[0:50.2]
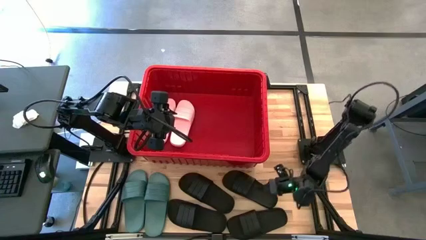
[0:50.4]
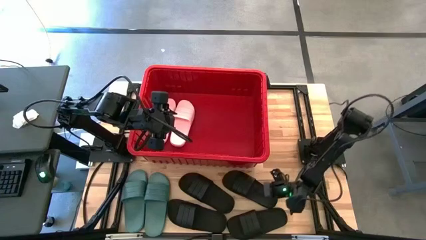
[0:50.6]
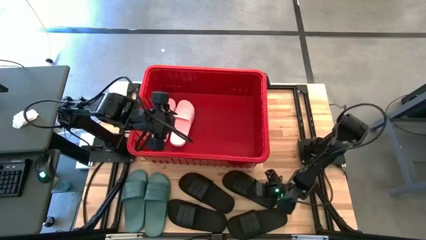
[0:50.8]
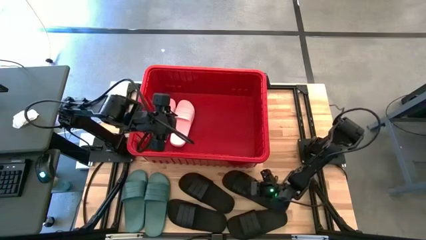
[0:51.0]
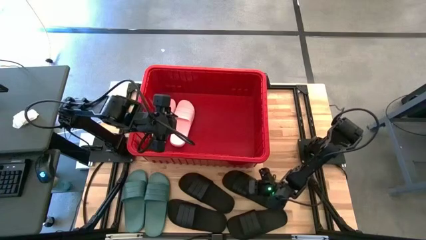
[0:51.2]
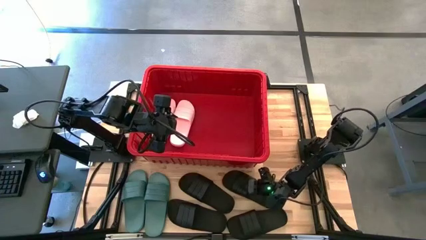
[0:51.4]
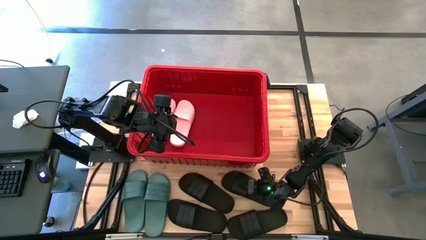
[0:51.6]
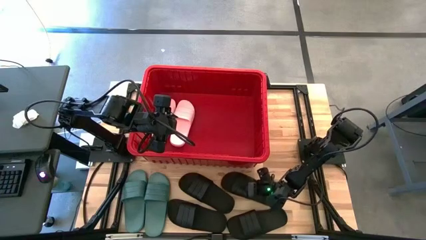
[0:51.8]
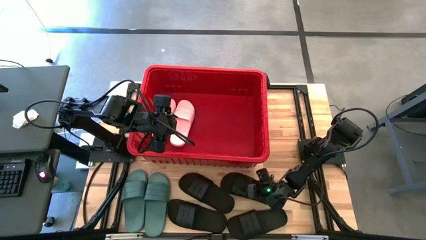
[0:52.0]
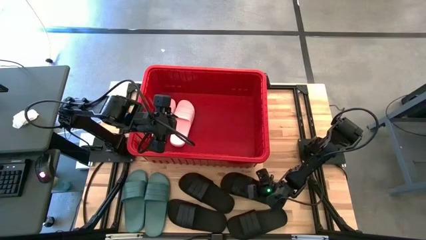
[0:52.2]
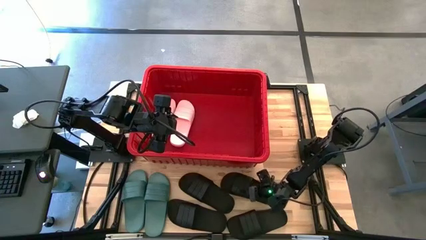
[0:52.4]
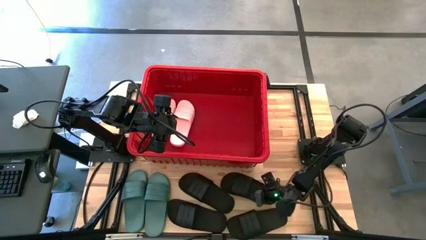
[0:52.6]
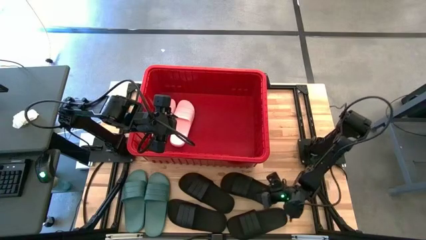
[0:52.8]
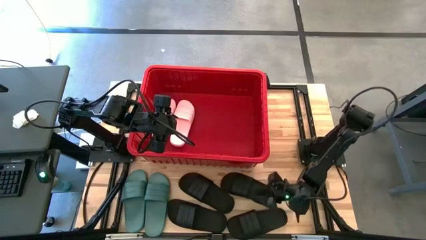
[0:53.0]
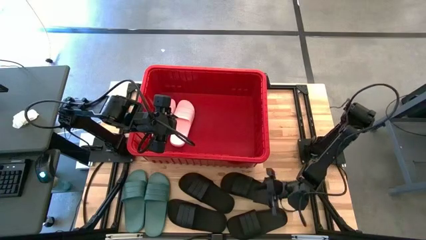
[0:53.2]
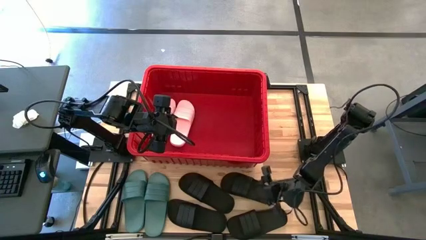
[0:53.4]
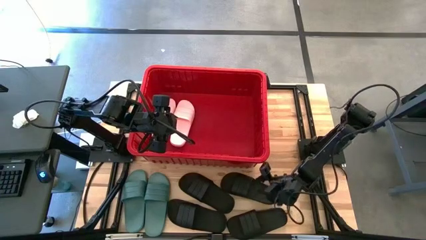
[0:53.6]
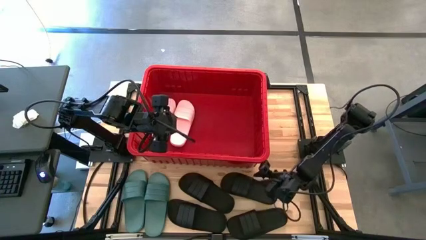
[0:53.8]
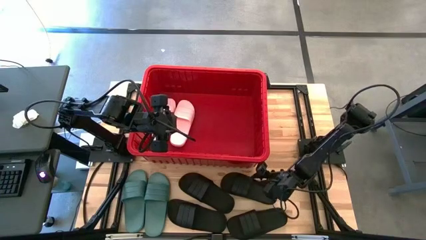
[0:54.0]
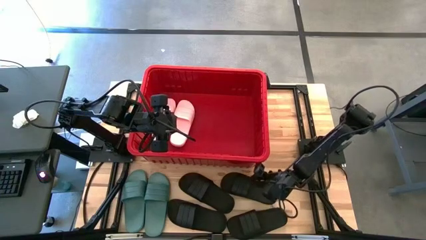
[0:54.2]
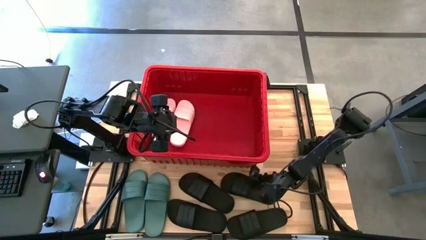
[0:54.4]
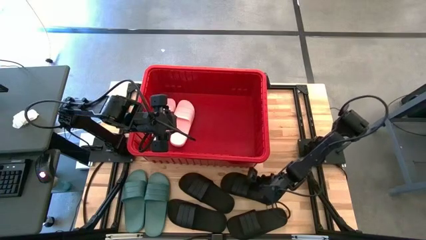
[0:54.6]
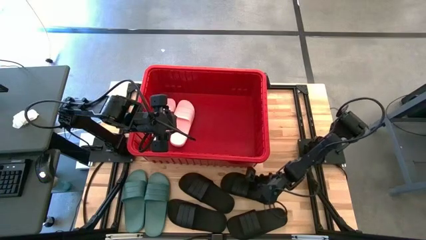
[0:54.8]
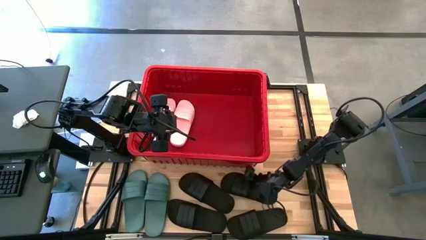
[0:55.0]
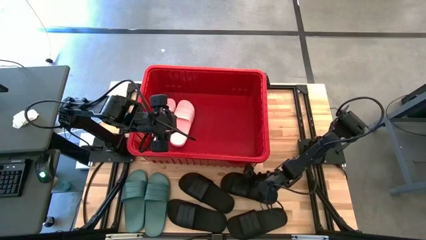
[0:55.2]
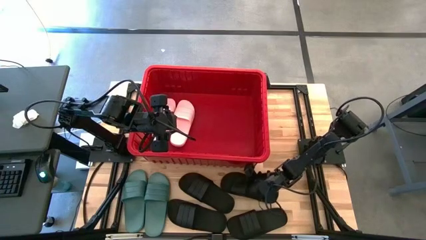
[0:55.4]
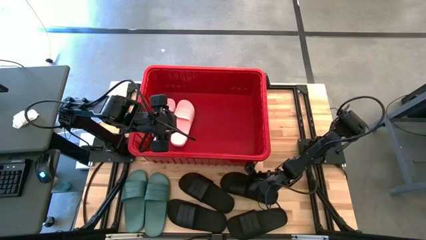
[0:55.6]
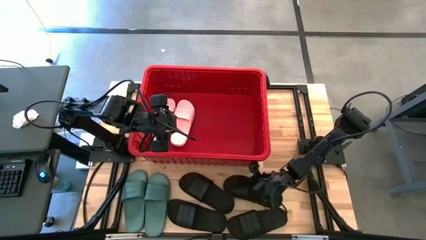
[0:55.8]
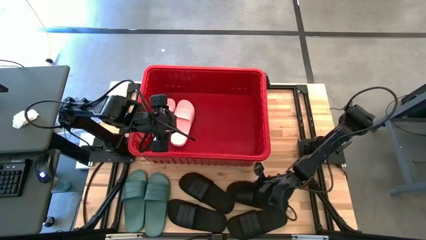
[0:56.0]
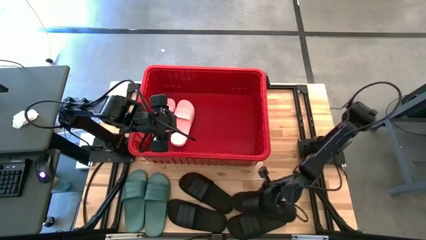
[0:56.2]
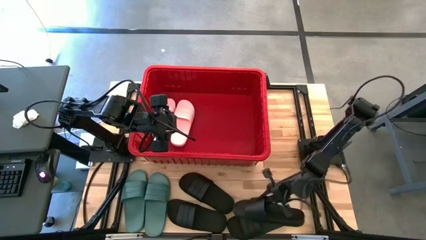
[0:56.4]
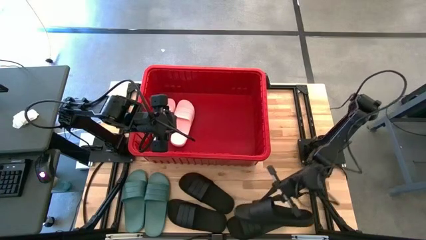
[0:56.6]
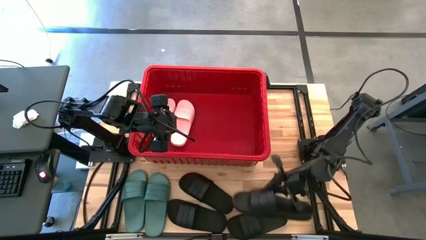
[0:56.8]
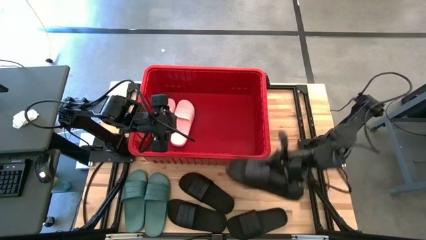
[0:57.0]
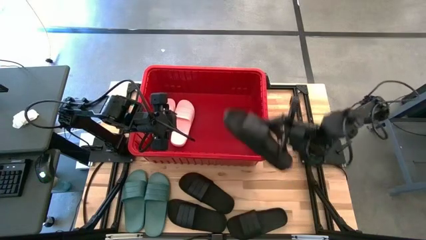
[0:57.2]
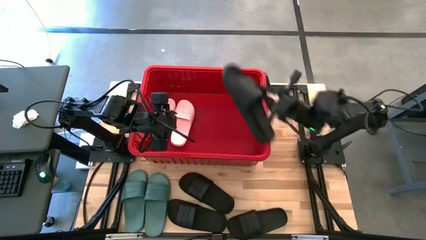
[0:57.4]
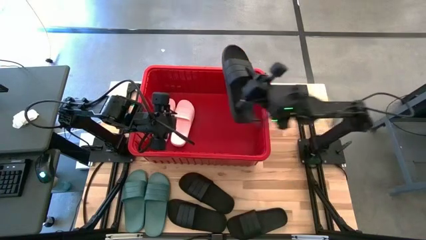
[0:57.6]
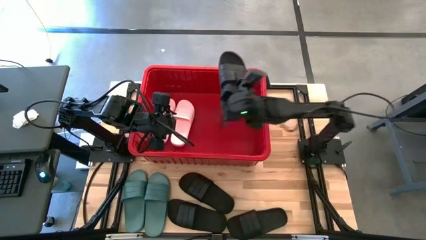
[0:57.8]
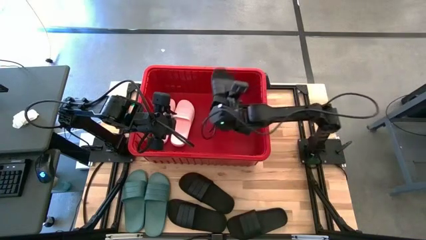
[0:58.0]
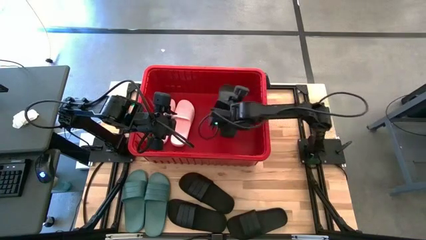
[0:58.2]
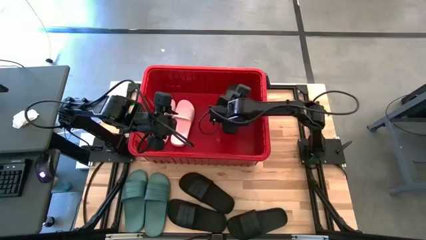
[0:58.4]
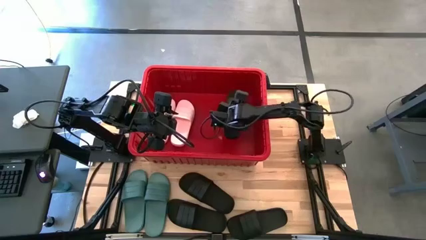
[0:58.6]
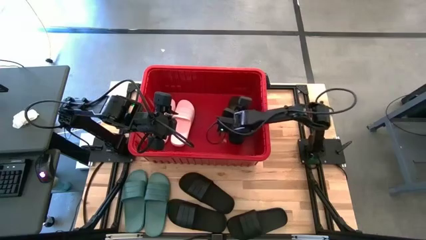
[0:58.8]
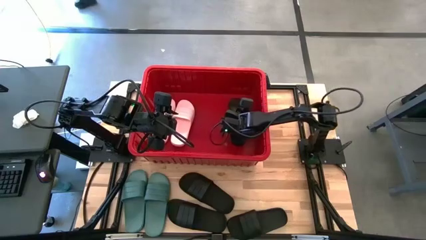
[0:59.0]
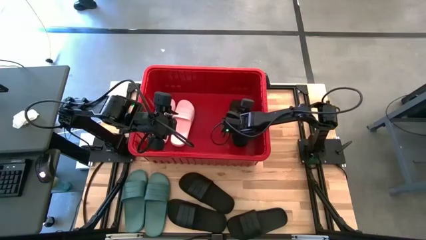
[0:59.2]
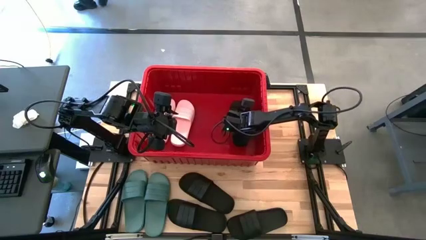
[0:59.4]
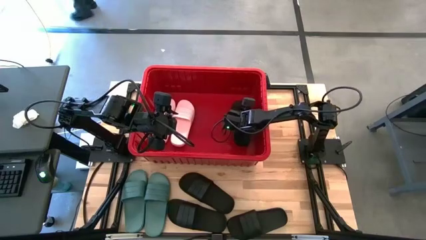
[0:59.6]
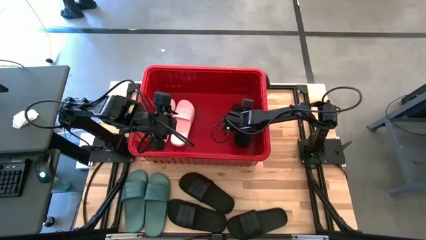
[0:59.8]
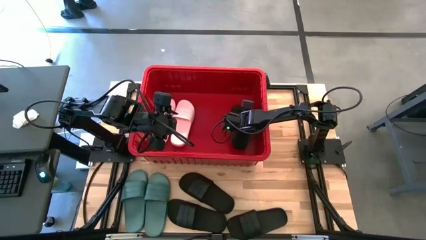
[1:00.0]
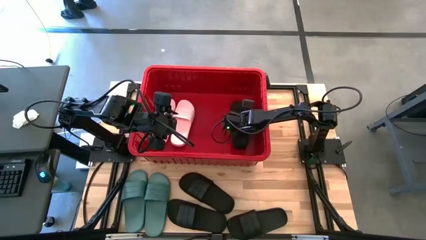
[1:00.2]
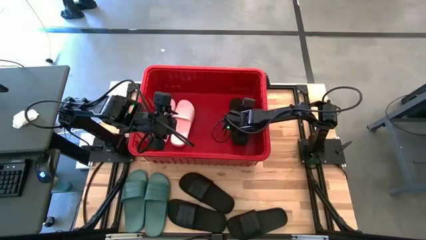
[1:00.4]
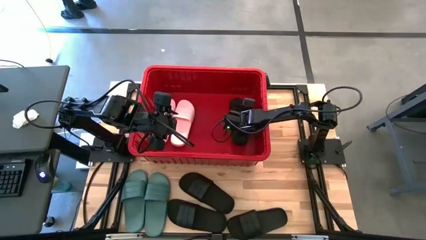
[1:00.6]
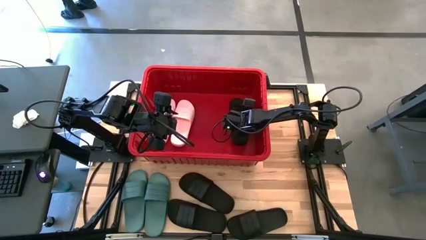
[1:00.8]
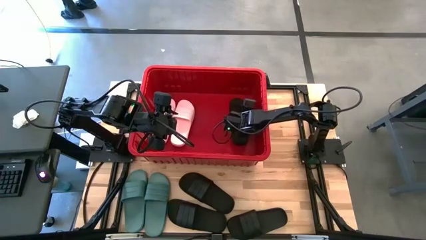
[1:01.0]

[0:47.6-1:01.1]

▶ _What is required_: The full material above must be output verbatim, minus any pictures.

▶ _Answer space_:
[0:50.2]
[0:50.4]
[0:50.6]
[0:50.8]
[0:51.0]
[0:51.2]
[0:51.4]
[0:51.6]
[0:51.8]
[0:52.0]
[0:52.2]
[0:52.4]
[0:52.6]
[0:52.8]
[0:53.0]
[0:53.2]
[0:53.4]
[0:53.6]
[0:53.8]
[0:54.0]
[0:54.2]
[0:54.4]
[0:54.6]
[0:54.8]
[0:55.0]
[0:55.2]
[0:55.4]
[0:55.6]
[0:55.8]
[0:56.0]
[0:56.2]
[0:56.4]
[0:56.6]
[0:56.8]
[0:57.0]
[0:57.2]
[0:57.4]
[0:57.6]
[0:57.8]
[0:58.0]
[0:58.2]
[0:58.4]
[0:58.6]
[0:58.8]
[0:59.0]
[0:59.2]
[0:59.4]
[0:59.6]
[0:59.8]
[1:00.0]
[1:00.2]
[1:00.4]
[1:00.6]
[1:00.8]
[1:01.0]

[0:47.6-1:01.1]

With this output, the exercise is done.